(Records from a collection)
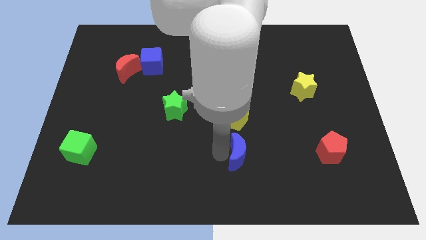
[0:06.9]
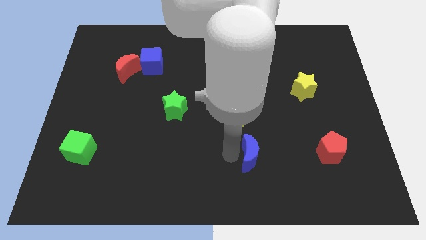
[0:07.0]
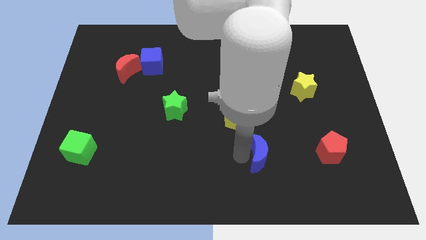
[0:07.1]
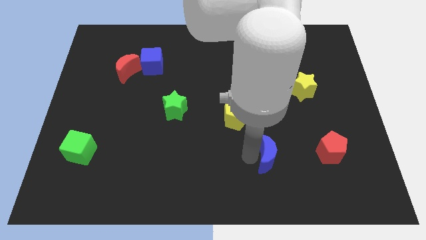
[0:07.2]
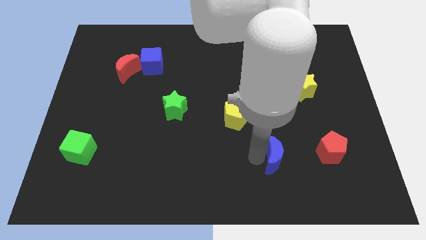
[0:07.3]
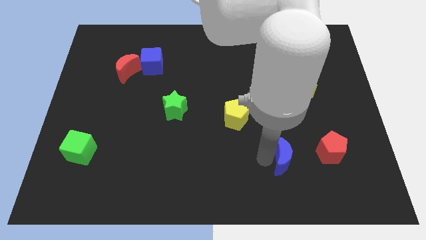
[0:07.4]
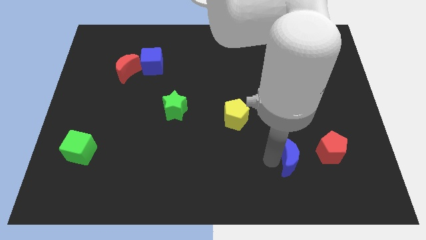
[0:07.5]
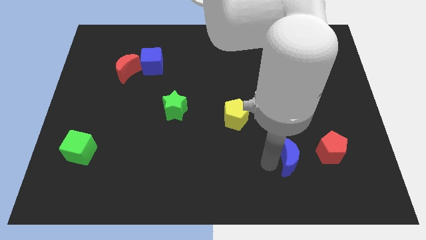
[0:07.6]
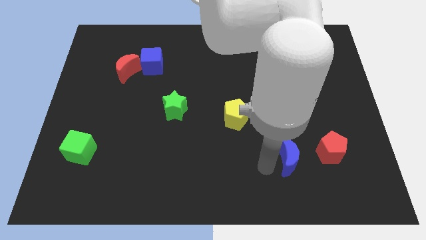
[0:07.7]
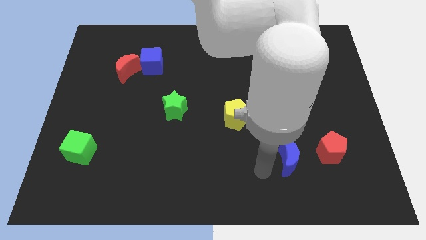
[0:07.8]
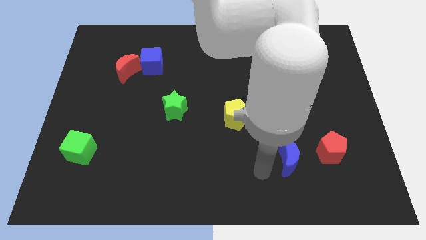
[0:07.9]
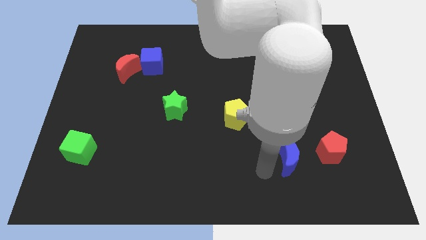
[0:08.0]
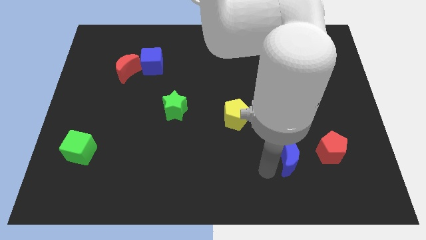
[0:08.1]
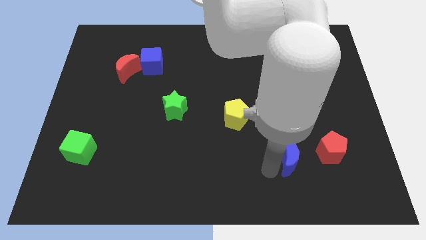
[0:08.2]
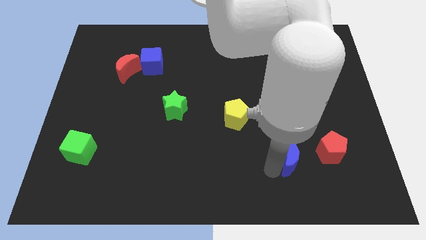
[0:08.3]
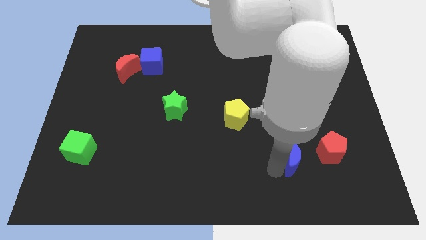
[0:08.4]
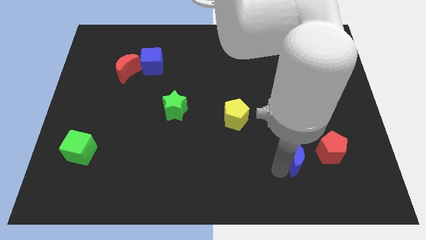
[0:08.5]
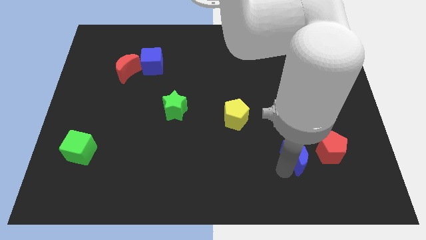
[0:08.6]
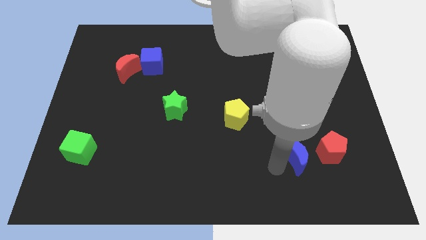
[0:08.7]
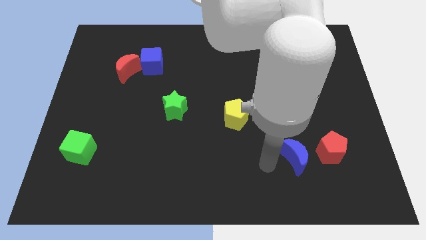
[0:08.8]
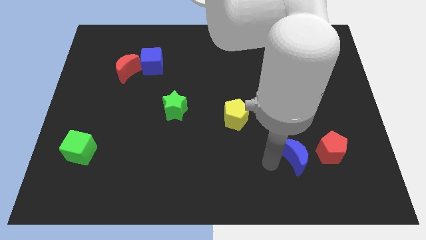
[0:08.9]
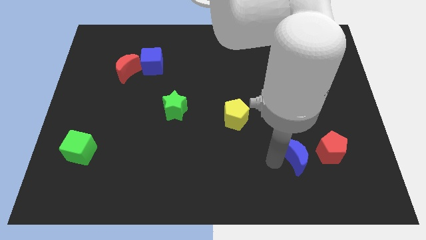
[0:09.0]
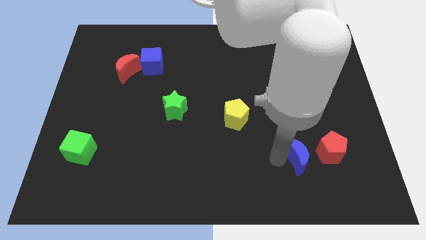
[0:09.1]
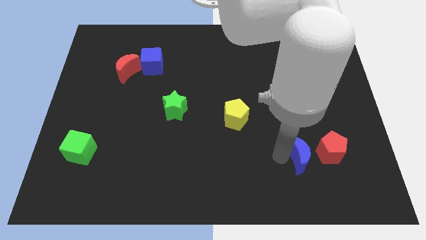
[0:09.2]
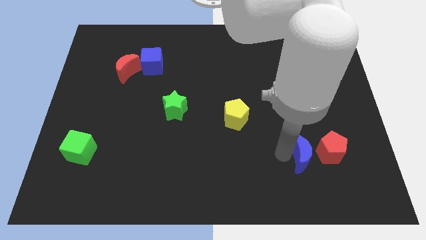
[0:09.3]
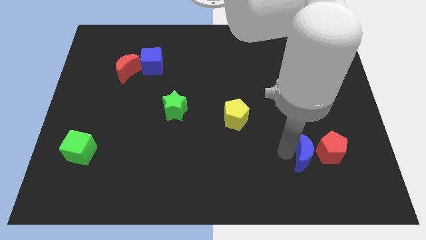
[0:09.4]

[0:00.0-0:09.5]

* [Work required] Transcribe all of the records above exactly; no image should appear in what you write.

* [Exercise result]
[0:06.9]
[0:07.0]
[0:07.1]
[0:07.2]
[0:07.3]
[0:07.4]
[0:07.5]
[0:07.6]
[0:07.7]
[0:07.8]
[0:07.9]
[0:08.0]
[0:08.1]
[0:08.2]
[0:08.3]
[0:08.4]
[0:08.5]
[0:08.6]
[0:08.7]
[0:08.8]
[0:08.9]
[0:09.0]
[0:09.1]
[0:09.2]
[0:09.3]
[0:09.4]

[0:00.0-0:09.5]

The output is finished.